# Pittsburgh, PA Catfishing??



## starcraft36 (Feb 16, 2005)

My g/f is finishing up school in Pittsburgh therefore I spend quite a bit of time over there. Now that spring is upon us I would really love to try to do some catfishing in the rivers. I was targeting the Allegheny river. 

Anybody fished it around the Pittsburgh area, know where to go, or provide any information? 

I will be just fishing from shore. Any information would be appreciated.


----------



## Normmouth (Sep 25, 2007)

Been out with my buddy a few times in Pittsburgh. We never had any success on the Mon or Ohio. But the Allegheny was some good fishing. His boat was buy the 31st street Bridge and we'd head east and anchor about herehttp://www.bing.com/maps/?v=2&cp=qrdj068b3995&lvl=17&dir=0&sty=b&sp=Point.qrdvb18b368p_Untitled%20item____&where1=Pittsburgh%2C%20PA&q=pittsburgh%20pa

I had success on Catfish Charlie dip bait, Secret 7, and I ever pulled in a Gar off Chicken liver.

Hope this helps.

Norm


----------



## starcraft36 (Feb 16, 2005)

Thanks for the information. I will give it a try and see what happens. Best way to learn is to just do it! Maybe ask around at a few of the marinas and see if I can get anymore information. 

One more question....What size weights do you need in that current?


----------



## Normmouth (Sep 25, 2007)

I was fishing 1-2oz sinkers.

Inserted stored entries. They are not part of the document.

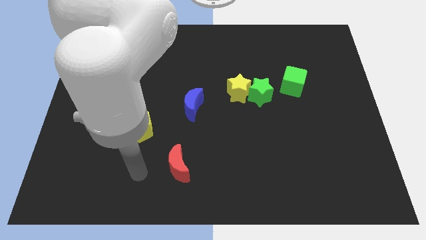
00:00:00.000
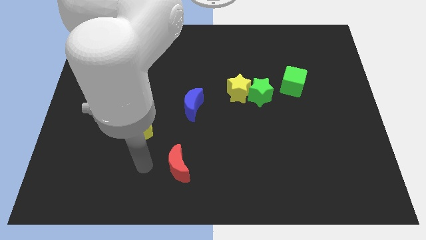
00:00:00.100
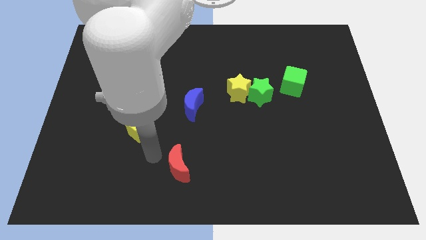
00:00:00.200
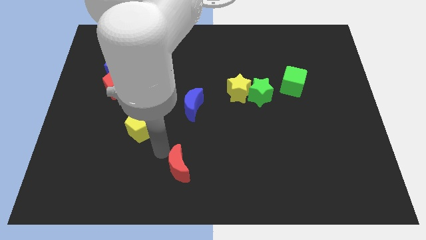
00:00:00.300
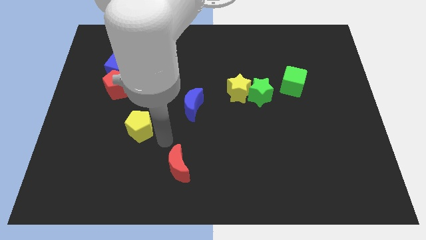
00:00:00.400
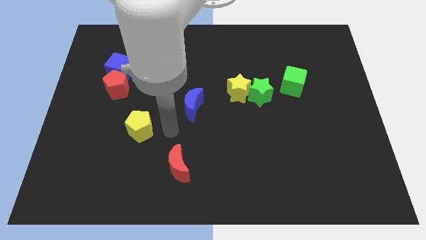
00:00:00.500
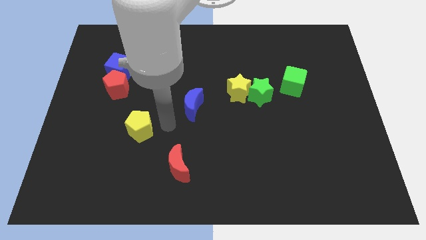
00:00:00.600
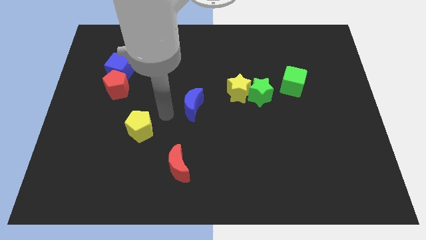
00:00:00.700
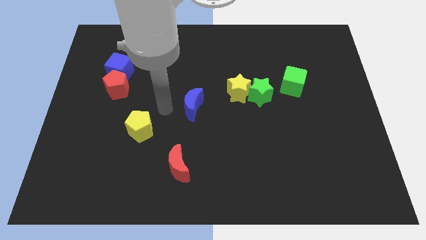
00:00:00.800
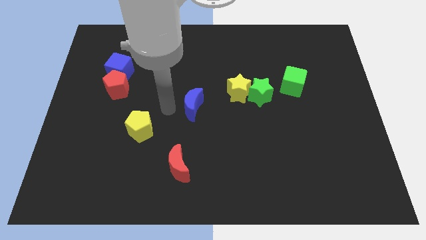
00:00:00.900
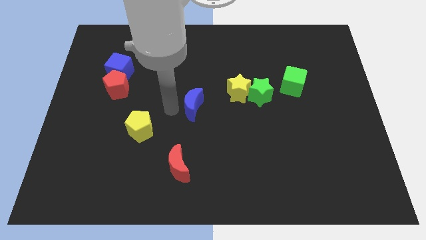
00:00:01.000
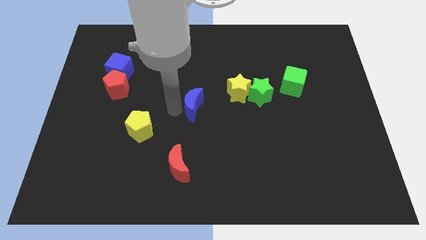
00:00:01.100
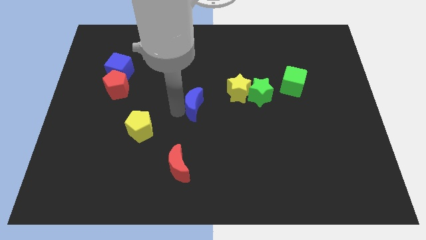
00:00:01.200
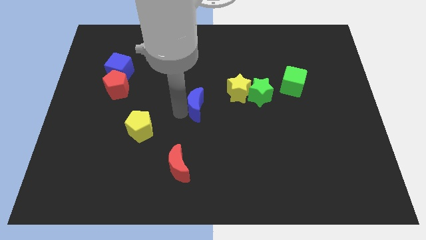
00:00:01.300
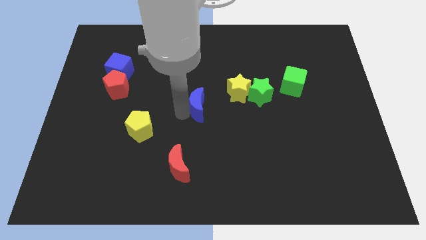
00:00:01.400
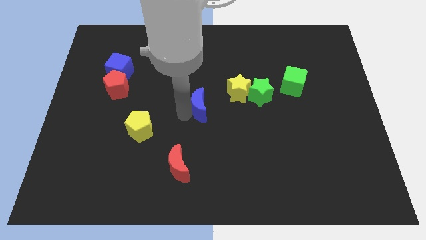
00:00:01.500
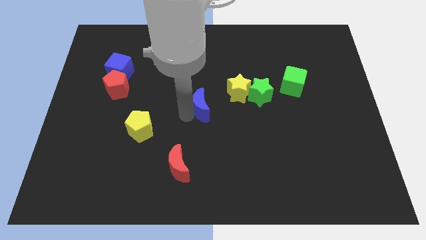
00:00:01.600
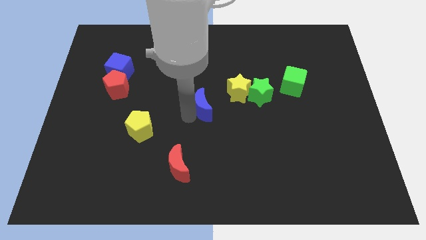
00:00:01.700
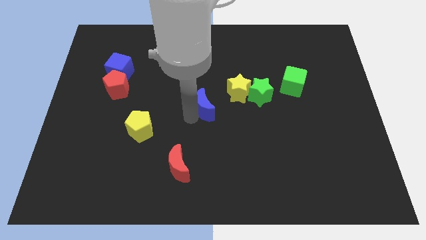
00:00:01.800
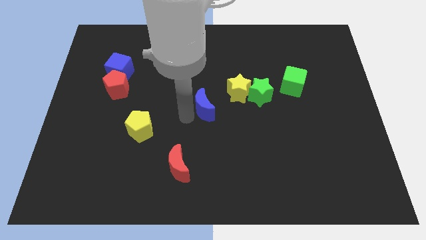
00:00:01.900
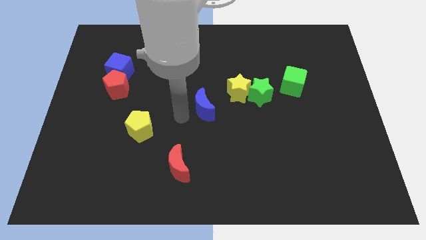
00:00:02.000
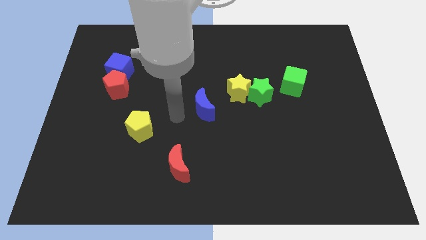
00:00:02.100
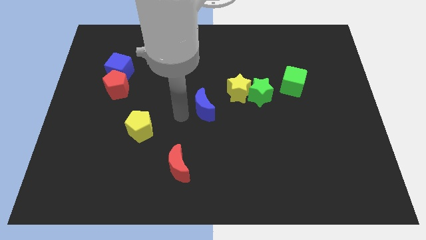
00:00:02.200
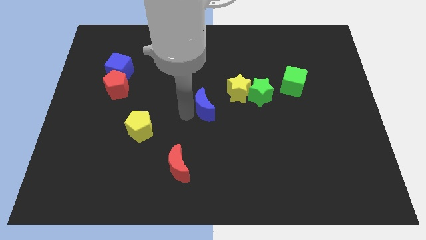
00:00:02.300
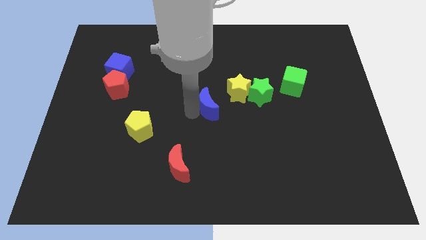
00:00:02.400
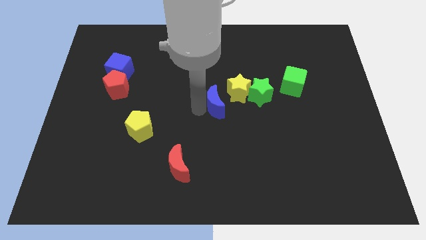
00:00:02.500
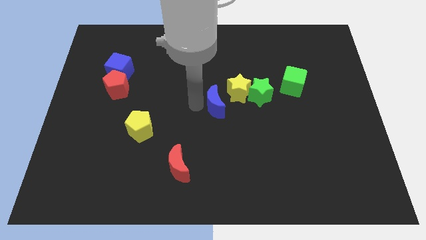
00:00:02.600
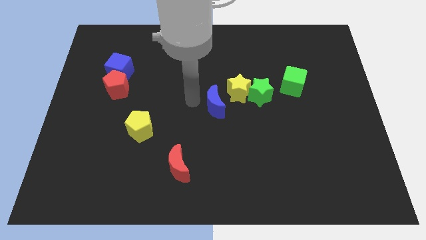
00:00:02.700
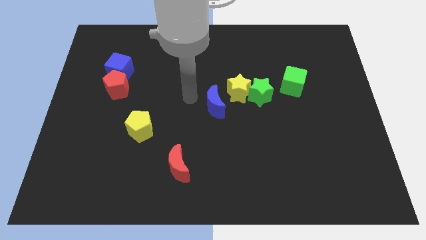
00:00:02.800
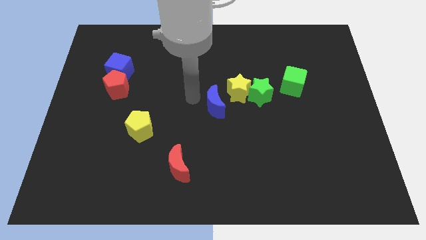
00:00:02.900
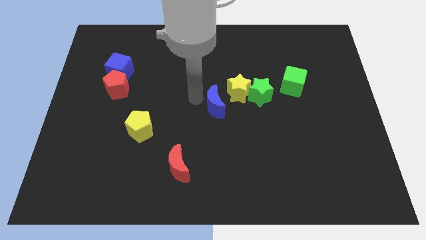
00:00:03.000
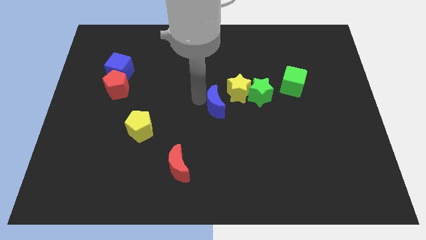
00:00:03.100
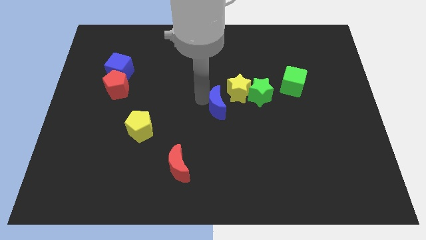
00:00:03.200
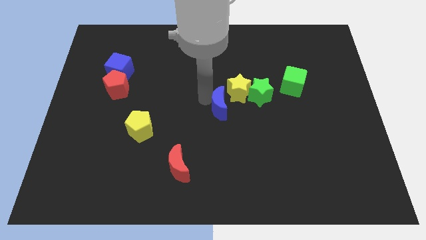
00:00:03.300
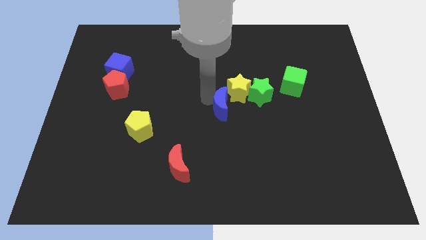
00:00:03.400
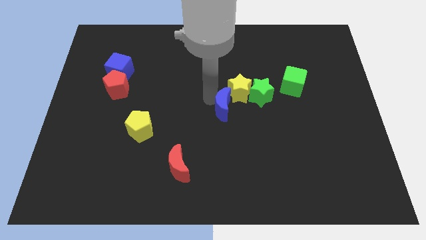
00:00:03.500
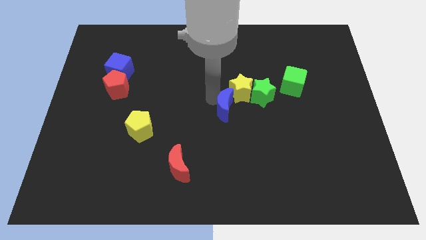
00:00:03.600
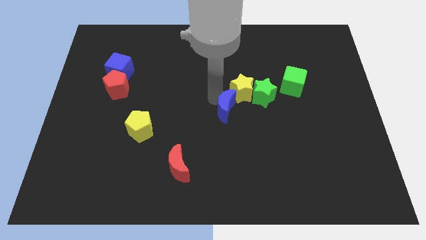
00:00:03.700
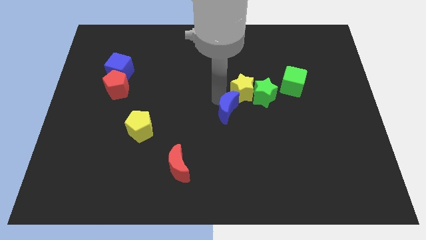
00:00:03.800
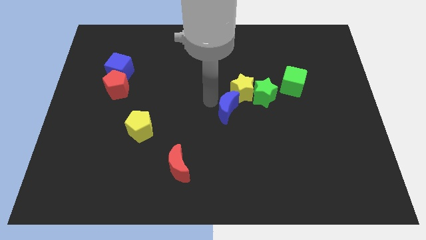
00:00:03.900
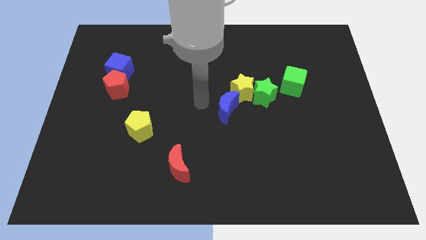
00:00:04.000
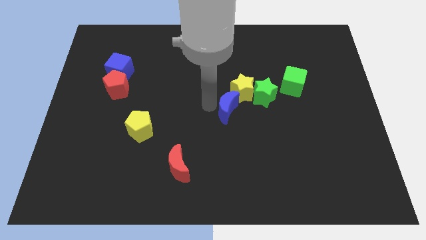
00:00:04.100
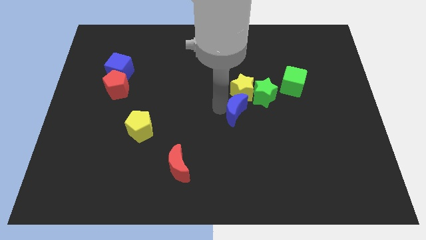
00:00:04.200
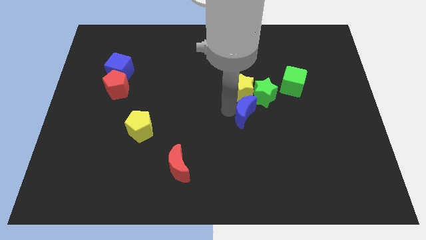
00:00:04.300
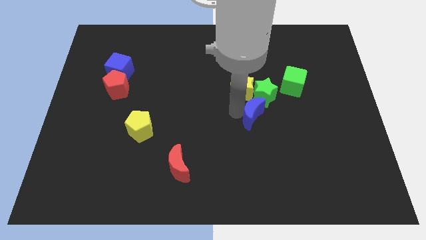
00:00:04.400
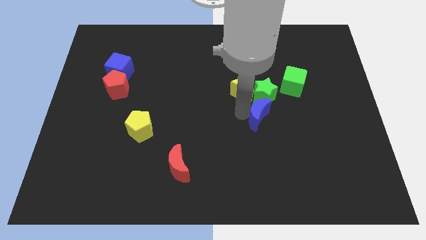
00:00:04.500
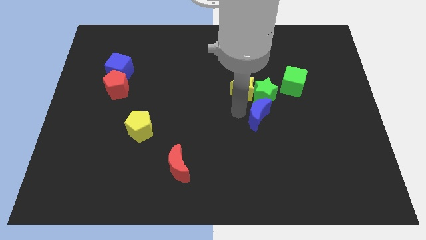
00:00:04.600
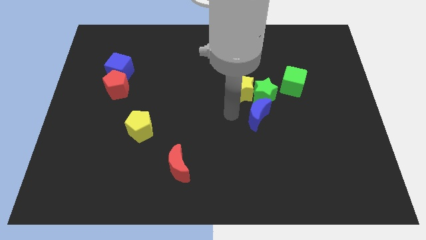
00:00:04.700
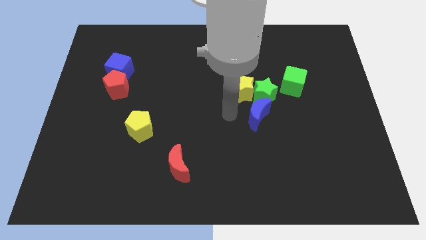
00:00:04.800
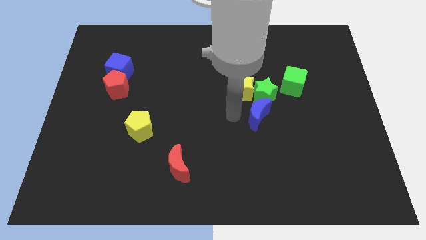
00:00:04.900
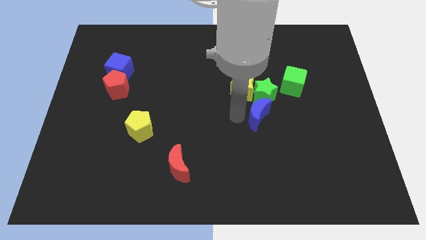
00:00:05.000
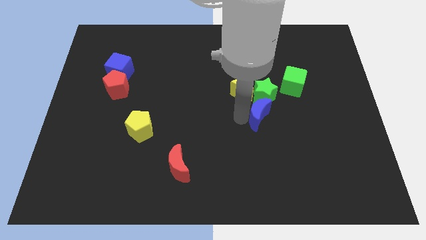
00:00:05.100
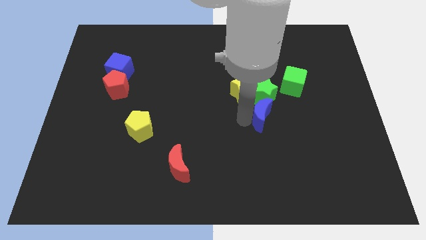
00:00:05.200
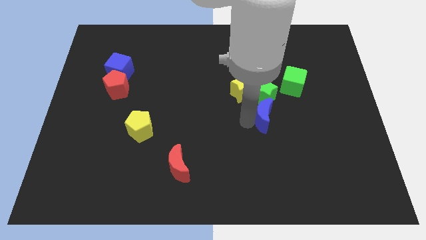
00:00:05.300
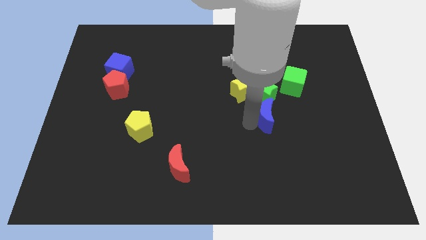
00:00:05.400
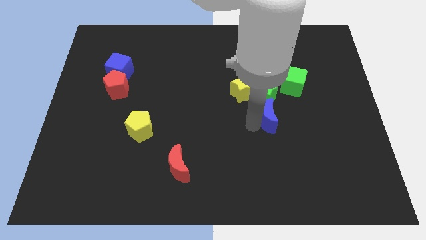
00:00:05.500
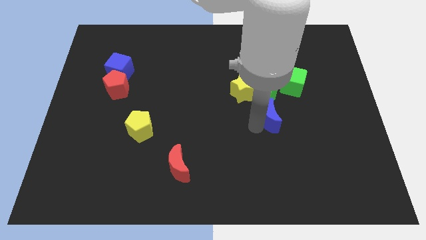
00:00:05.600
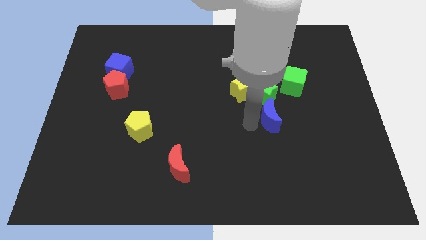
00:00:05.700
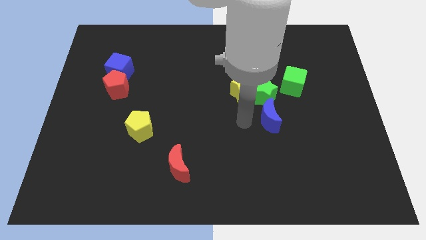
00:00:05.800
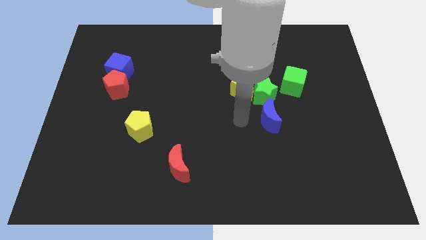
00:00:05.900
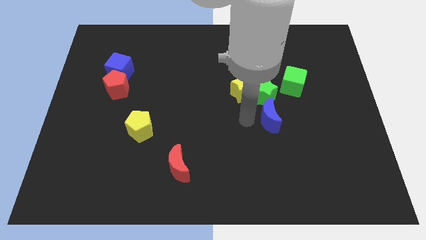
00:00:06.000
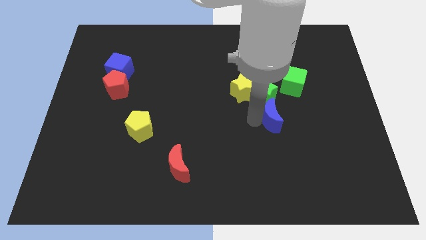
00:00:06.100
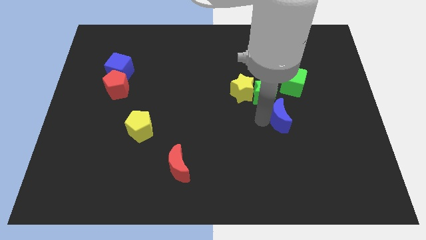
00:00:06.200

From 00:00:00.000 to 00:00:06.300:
push the blue moon to the bottom side of the green cube

It wasn't bad until they opened the locks at night then the flow was faster.


----------



## RiverDoc (Mar 12, 2010)

starcraft36 said:


> My g/f is finishing up school in Pittsburgh therefore I spend quite a bit of time over there. Now that spring is upon us I would really love to try to do some catfishing in the rivers. I was targeting the Allegheny river.
> 
> Anybody fished it around the Pittsburgh area, know where to go, or provide any information?
> 
> I will be just fishing from shore. Any information would be appreciated.


Try this one, Boston Riverfront trail and the Youghiogheny River along McKeesport. The trail follows an old railroad bed and you can find a lot of spots along the way.


----------



## RiverDoc (Mar 12, 2010)

I forgot to put this in previous msg. http://www.theneonweb.com/trails/yough.html


----------



## starcraft36 (Feb 16, 2005)

Thanks for the reply! Do you know where I would drive to park to get on that trail?


----------



## RiverDoc (Mar 12, 2010)

There is a public parking lot, soccer field, and rest rooms in the Boston trail Park. You can begin walking on the trail from that lot-it's several miles long. I might also recommend checking the regs in that area, which you probably plan to do. Pennsylvania has some strange rules that change with each watershed.


----------



## catace (Oct 6, 2010)

Check out 3riverscatfish.com its a new SW Pa. Catfish Club. Most of the members bank fish the rivers and live near the Burgh.


----------